When the Irish poet William Butler Yeats wrote, “In dreams begins responsibility,” was he talking about recovering alcoholics? An article on The Fix, an online magazine about addiction and recovery, discusses the phenomenon of recovering addicts dreaming about abusing alcohol. The dreams are so real, that some people awake with the taste of alcohol in their mouths.
As with all dream content, the act of falling asleep and feeling as if you are abusing alcohol is difficult to explain, and to tether to a larger meaning—or even whether or not dreams are owed a greater significance beyond mysterious ramblings of the mind.

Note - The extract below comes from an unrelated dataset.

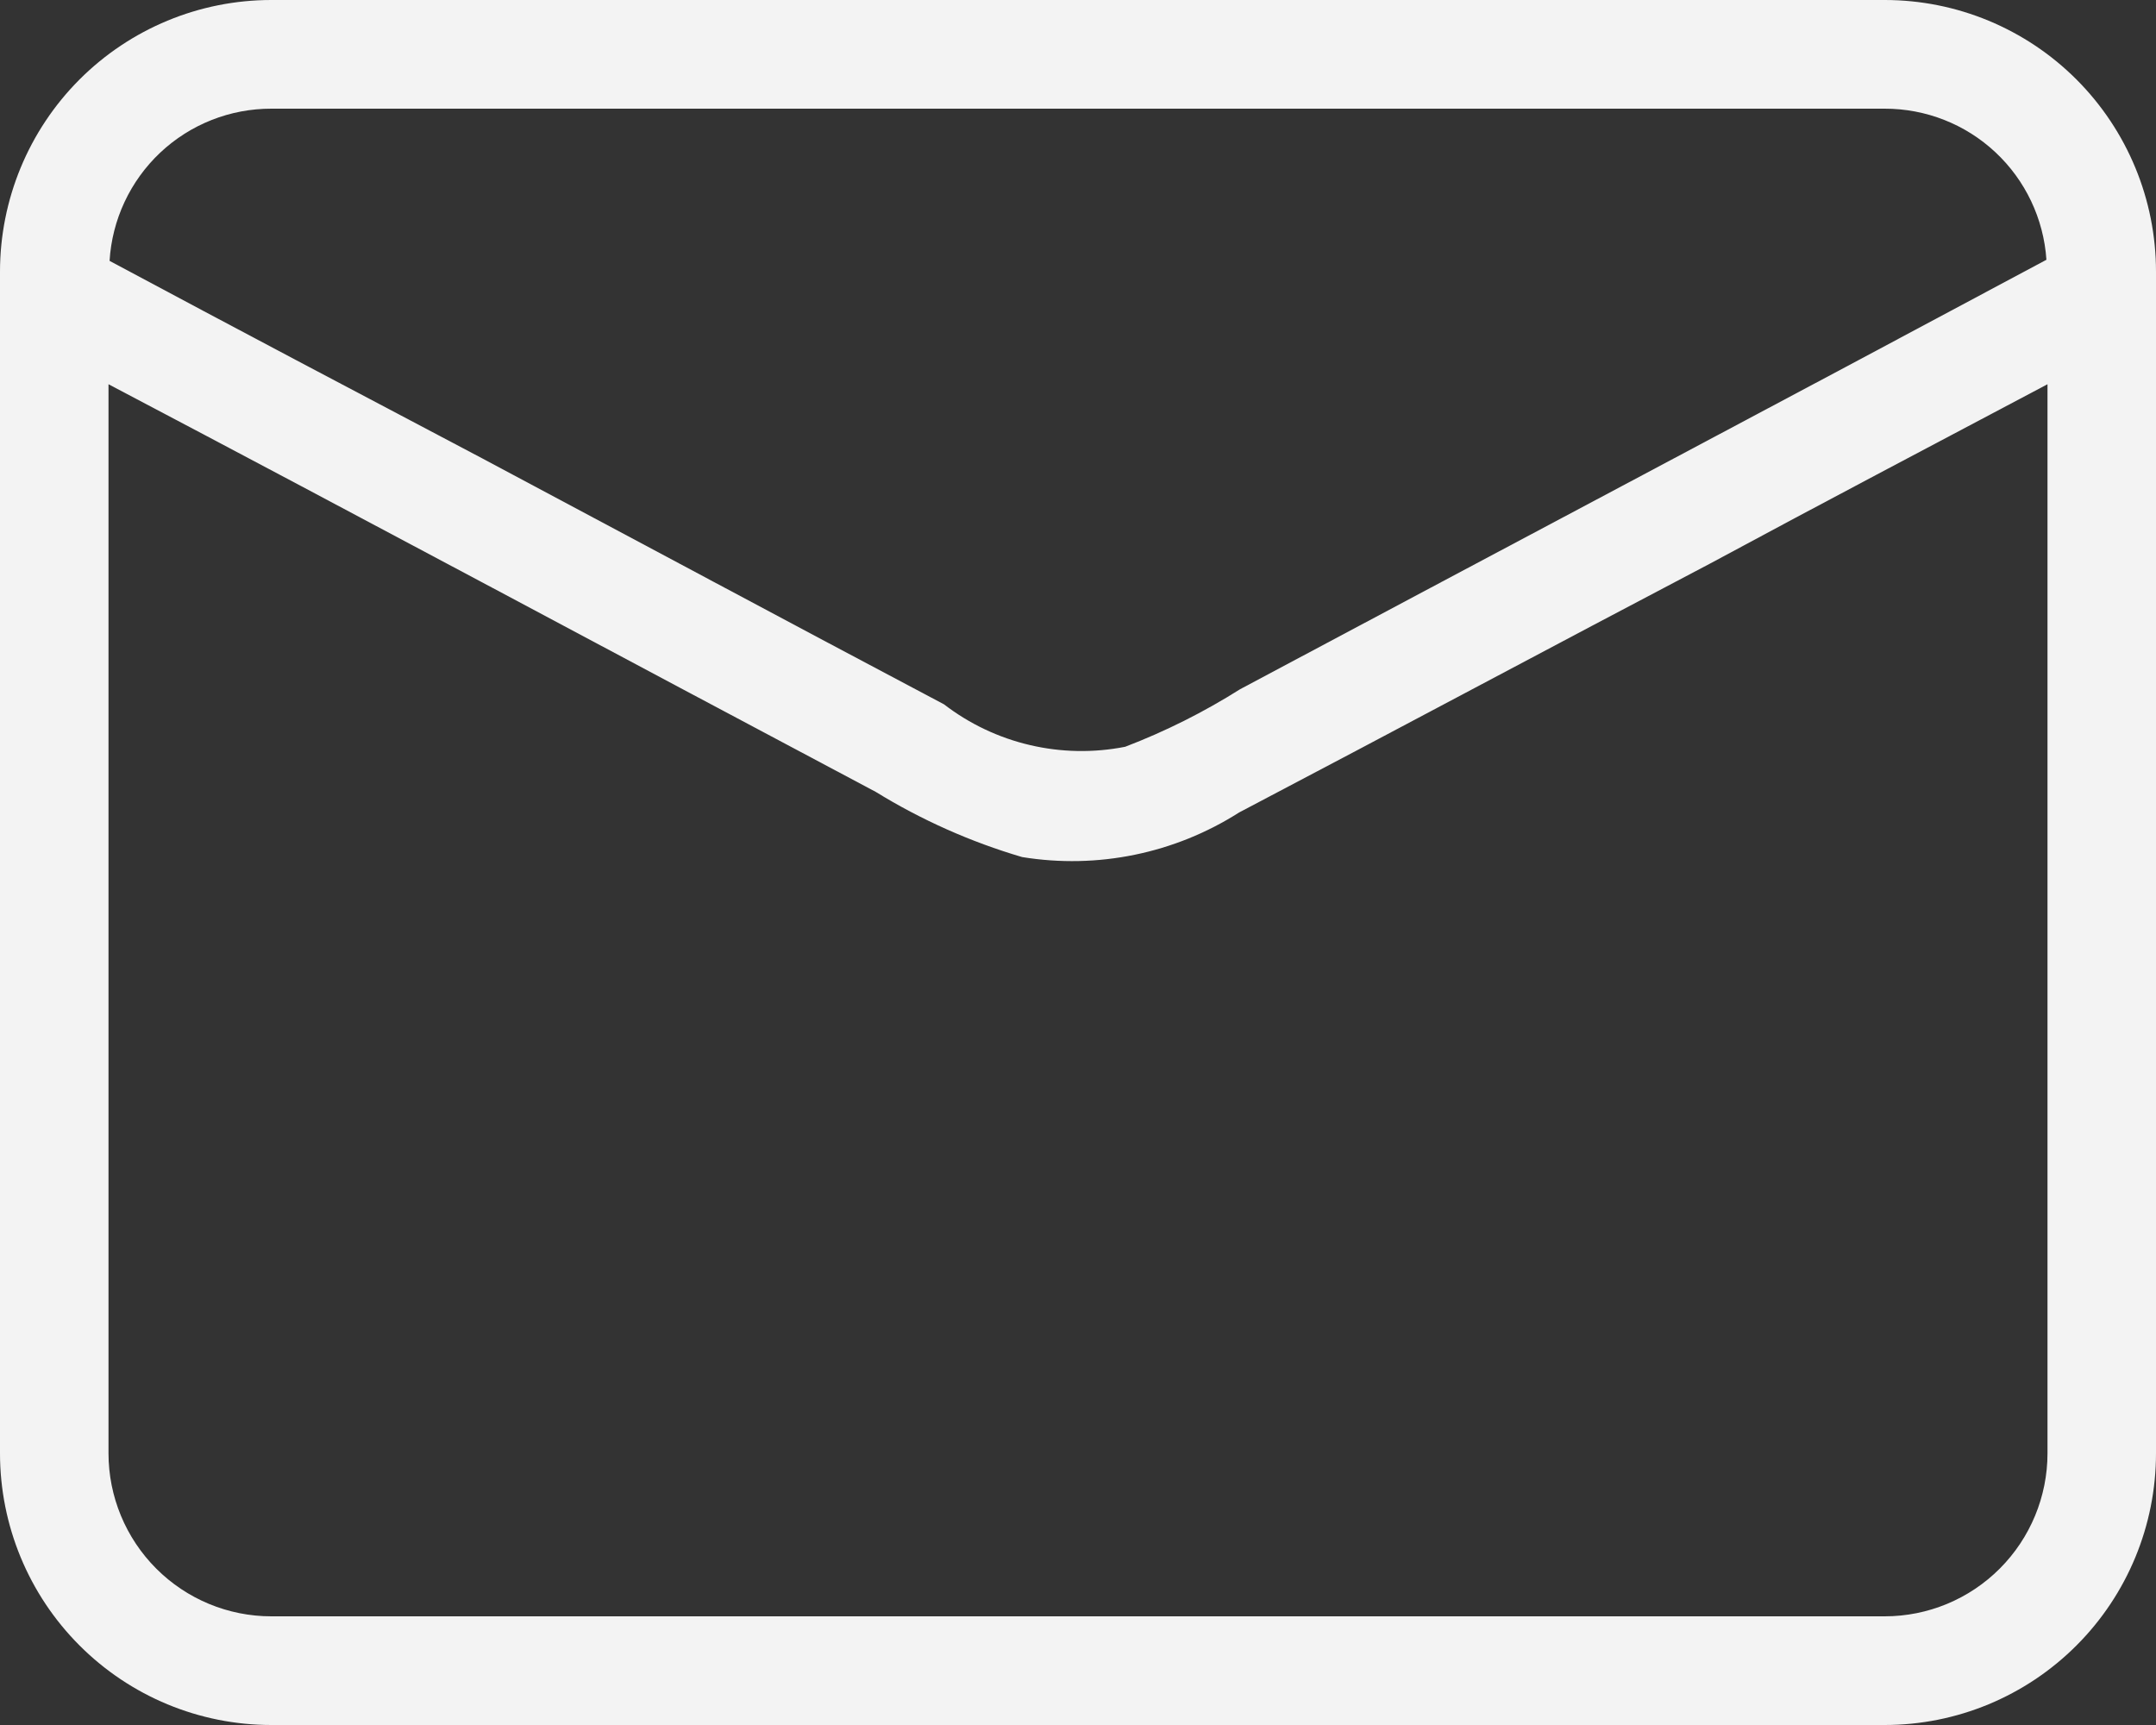 <svg width="40" height="32" viewBox="0 0 40 32" fill="none" xmlns="http://www.w3.org/2000/svg">
<rect x="0" y="0" width="40" height="32" fill="#333333" stroke="none"/>
<path d="M34.967 0H5.033C3.698 0 2.418 0.531 1.474 1.476C0.53 2.422 0 3.704 0 5.041V26.959C0 28.296 0.53 29.578 1.474 30.523C2.418 31.469 3.698 32 5.033 32H34.967C36.302 32 37.582 31.469 38.526 30.523C39.47 29.578 40 28.296 40 26.959V5.041C40 3.704 39.47 2.422 38.526 1.476C37.582 0.531 36.302 0 34.967 0ZM5.033 2.016H34.967C35.729 2.015 36.463 2.303 37.02 2.824C37.577 3.344 37.916 4.058 37.967 4.819C32.995 7.481 28.002 10.122 23.01 12.784C22.335 13.21 21.62 13.568 20.876 13.853C20.292 13.968 19.69 13.958 19.11 13.822C18.53 13.687 17.986 13.429 17.514 13.066C14.655 11.554 11.797 10.021 8.958 8.509C6.663 7.299 4.328 6.069 2.033 4.839C2.079 4.074 2.416 3.356 2.973 2.831C3.531 2.306 4.268 2.015 5.033 2.016ZM37.987 26.959C37.987 27.761 37.669 28.53 37.102 29.098C36.536 29.665 35.768 29.984 34.967 29.984H5.033C4.232 29.984 3.464 29.665 2.898 29.098C2.331 28.53 2.013 27.761 2.013 26.959V7.128C6.764 9.628 11.495 12.169 16.246 14.689C17.094 15.211 18.008 15.618 18.963 15.899C20.361 16.127 21.794 15.833 22.989 15.072C25.908 13.54 28.807 11.987 31.726 10.455C33.82 9.326 35.893 8.237 37.987 7.128V26.959Z" fill="#F8F8F8" fill-opacity="0.973"/>
</svg>

Dr. Peggy Ferguson, a certified Marriage and Family Therapist in Okalahoma, U.S., cautions against reading too much into dreams about drinking that addicts may have during their stay at an alcohol rehab centre. Instead, she believes that it might be a natural part of the recovery process, and not one that signals an urge to abuse again.
“There are so many things that go along with detox—so many issues come up, and people have so many mood swings and emotional highs and lows,” she told The Fix. “Our dreams are directly connected to our emotional states, but people can have them for a really long time after they’ve been sober. I don’t think they necessarily mean there is an intended relapse, or that the individual is not working a good program.”
Dreams, like those where an addict is abusing alcohol again, can be an indication of external stressors though, and they shouldn’t be ignored entirely. Dreams about alcohol use should trigger a moment for self-assessment, and remind those in recovery to take a step back and to evaluate the goals they have achieved in their alcohol recovery and since leaving an alcohol rehab centre.
So, maybe Yeats was writing about recovering addicts, and the dreams in which they imagine using. Since, according to him, dreams are where responsibilities begin, it makes sense to understand dreams of using alcohol as an indication to take hold of life—at least, the parts of life that one can control.